» **WHAT TO PRODUCE**
With the line containing "Pulmonary congestion: 2" as the first and the final line of the entries as the last, repeat exactly the lines in that span, including both.

» **DATA EXTRACT**
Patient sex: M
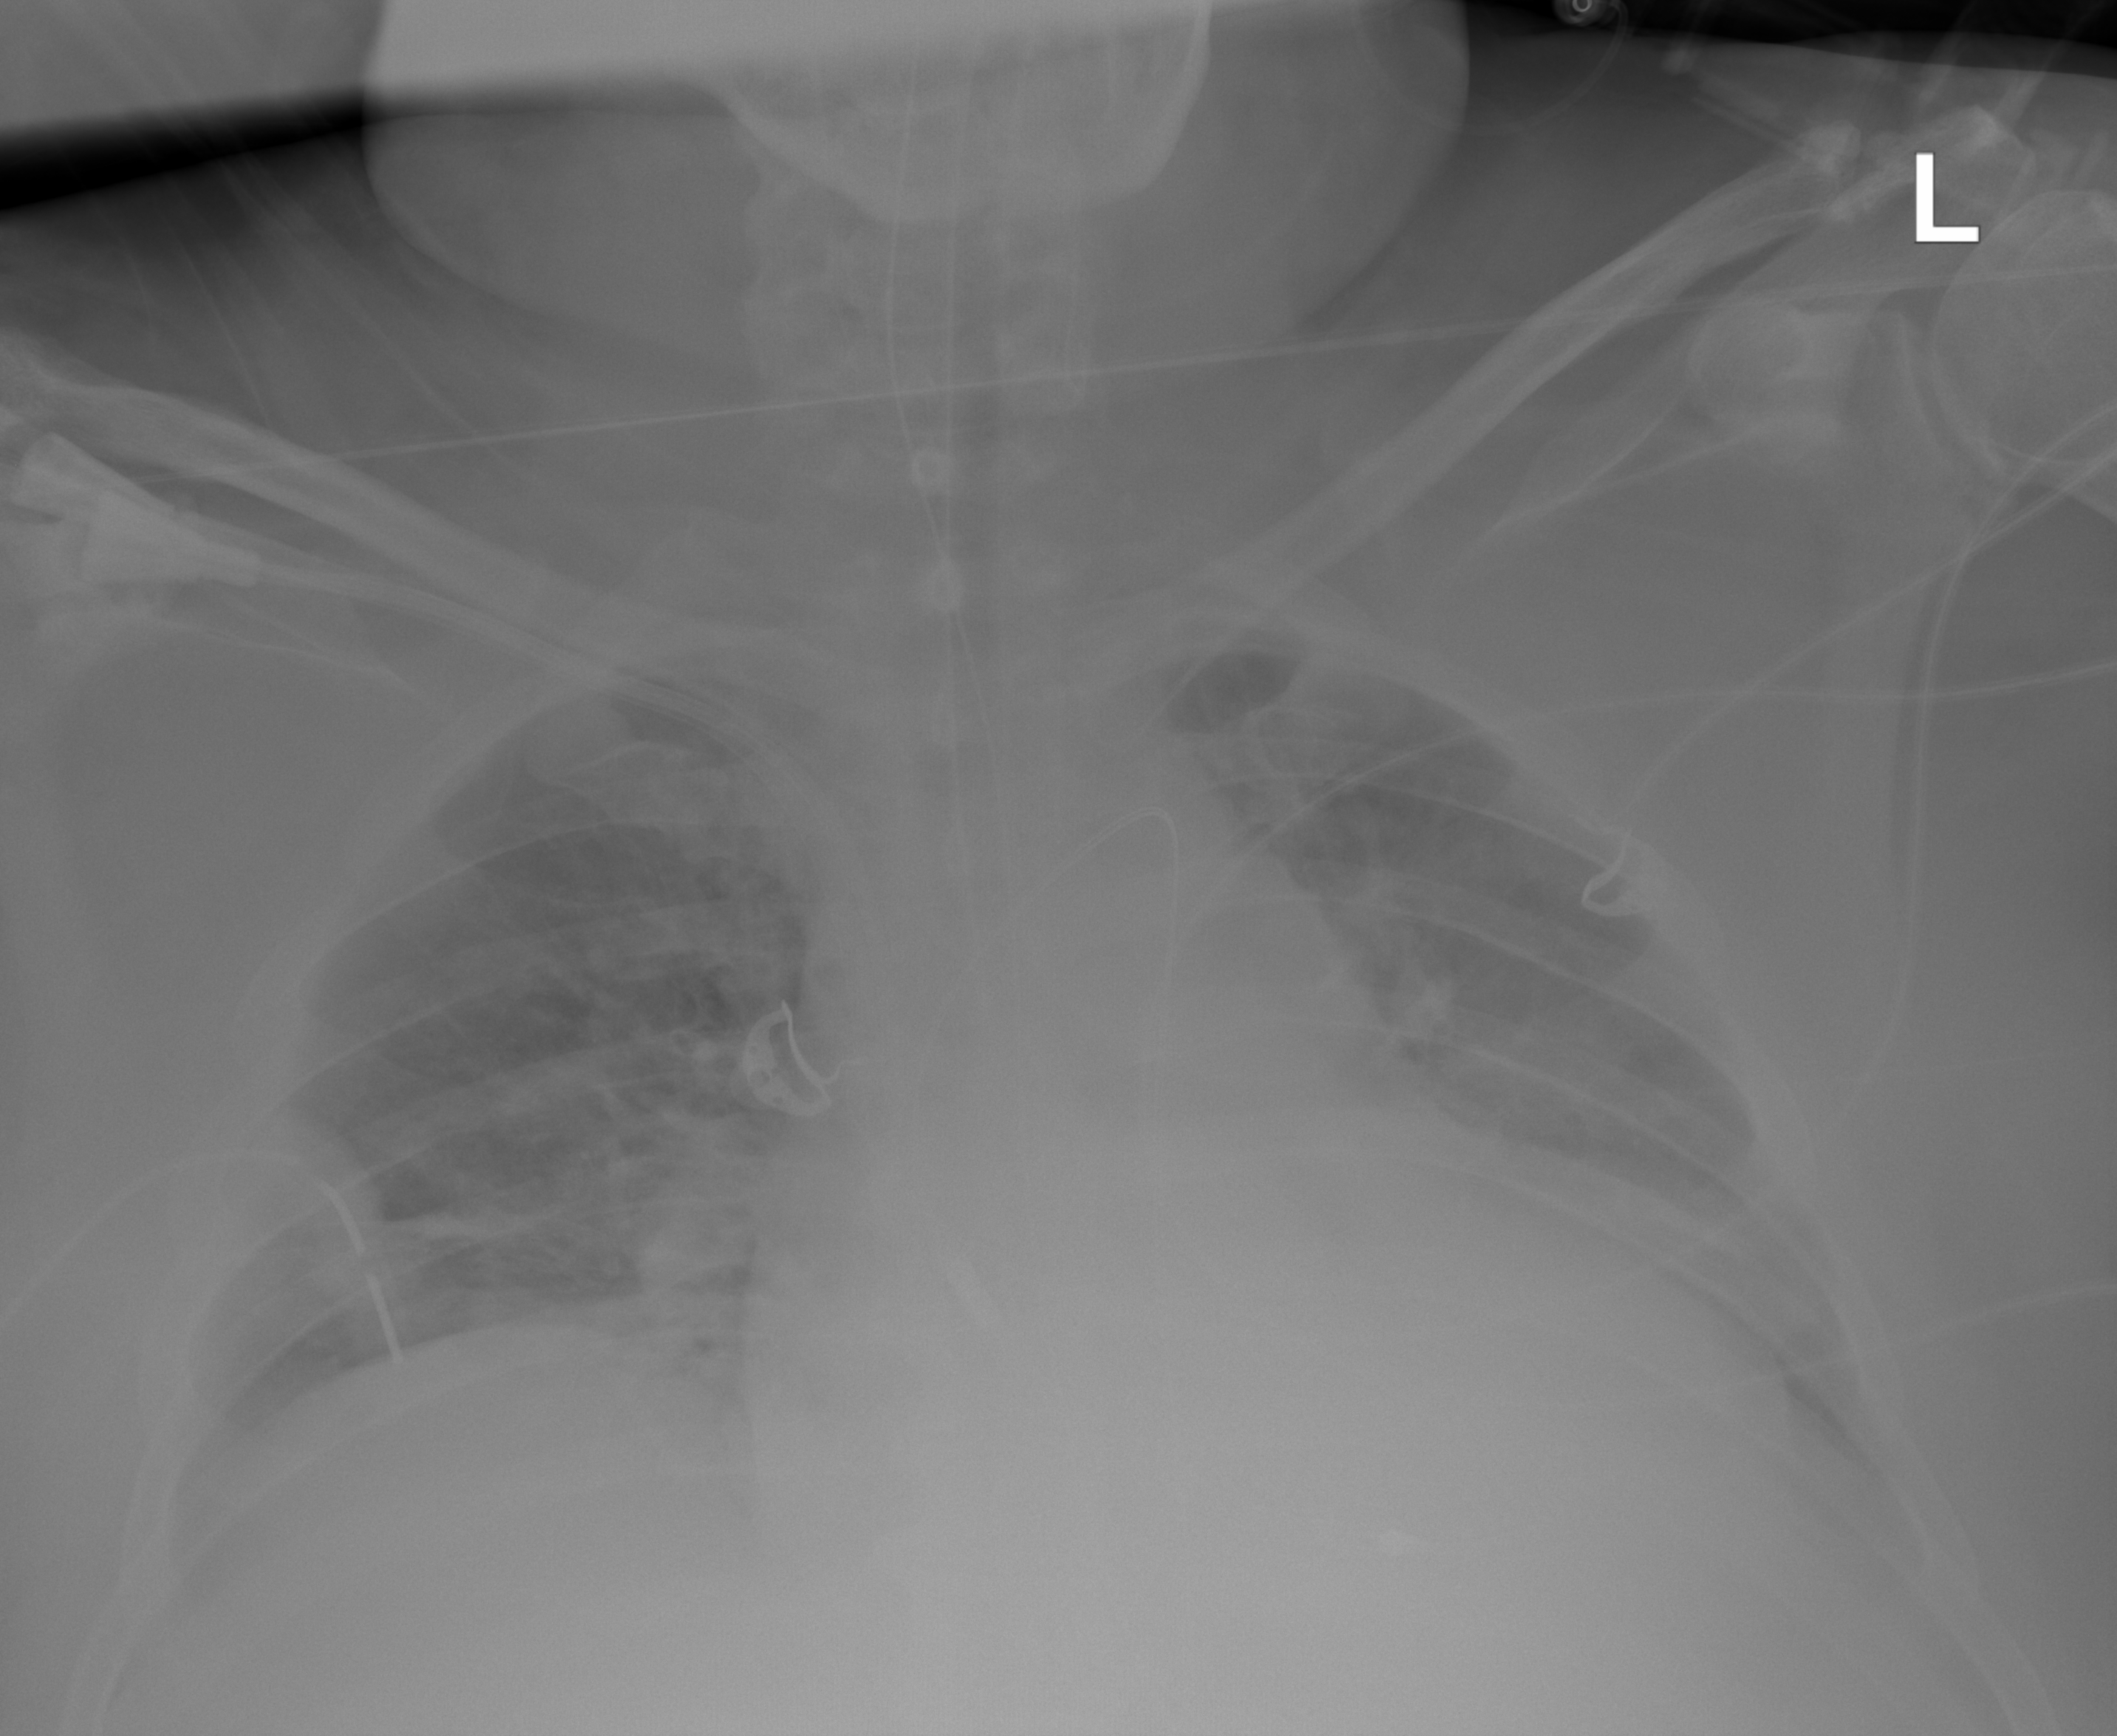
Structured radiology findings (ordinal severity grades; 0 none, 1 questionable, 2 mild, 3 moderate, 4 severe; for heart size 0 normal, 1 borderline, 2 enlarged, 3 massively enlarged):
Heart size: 2
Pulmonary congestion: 2
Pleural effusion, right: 0
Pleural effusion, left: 2
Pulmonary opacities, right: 1
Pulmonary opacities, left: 1
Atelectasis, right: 3
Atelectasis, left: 3

» **RESPONSE**
Pulmonary congestion: 2
Pleural effusion, right: 0
Pleural effusion, left: 2
Pulmonary opacities, right: 1
Pulmonary opacities, left: 1
Atelectasis, right: 3
Atelectasis, left: 3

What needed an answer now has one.